- Assignment
Each entry should be repeated exactly. Its pictures should not be.

- Provided information
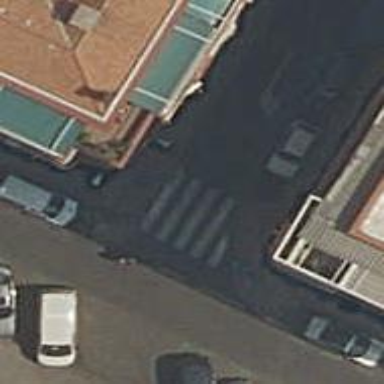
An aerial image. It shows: Uncontrolled zebra crossing on the road.
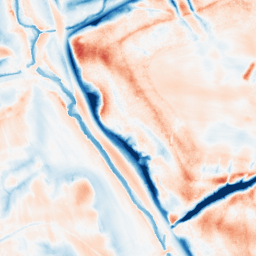
Category: trend_removal
Decomposition family: local_polynomial
Decomposition parameters: window_size: 31
degree: 1
Upsampling method: quadratic
Upsampling parameters: scale: 4
Upsampling scale: 4
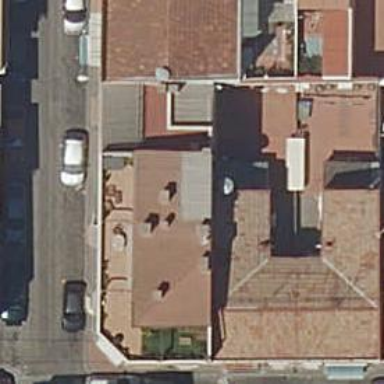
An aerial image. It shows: Image showing building with apartments.
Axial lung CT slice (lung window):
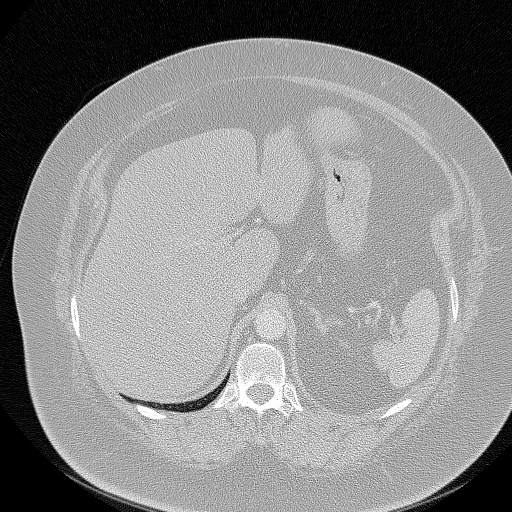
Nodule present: no
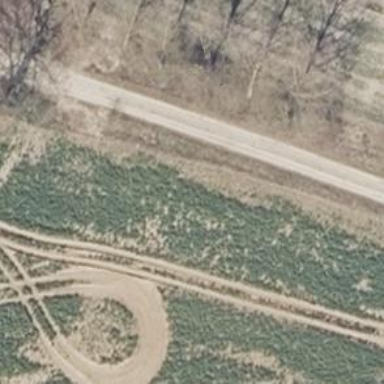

- Answer to the problem
An aerial image. It shows: Uncontrolled zebra crossing on the road.
Category: trend_removal
Decomposition family: local_polynomial
Decomposition parameters: window_size: 31
degree: 1
Upsampling method: quadratic
Upsampling parameters: scale: 4
Upsampling scale: 4
An aerial image. It shows: Image showing building with apartments.
Axial lung CT slice (lung window):
Nodule present: no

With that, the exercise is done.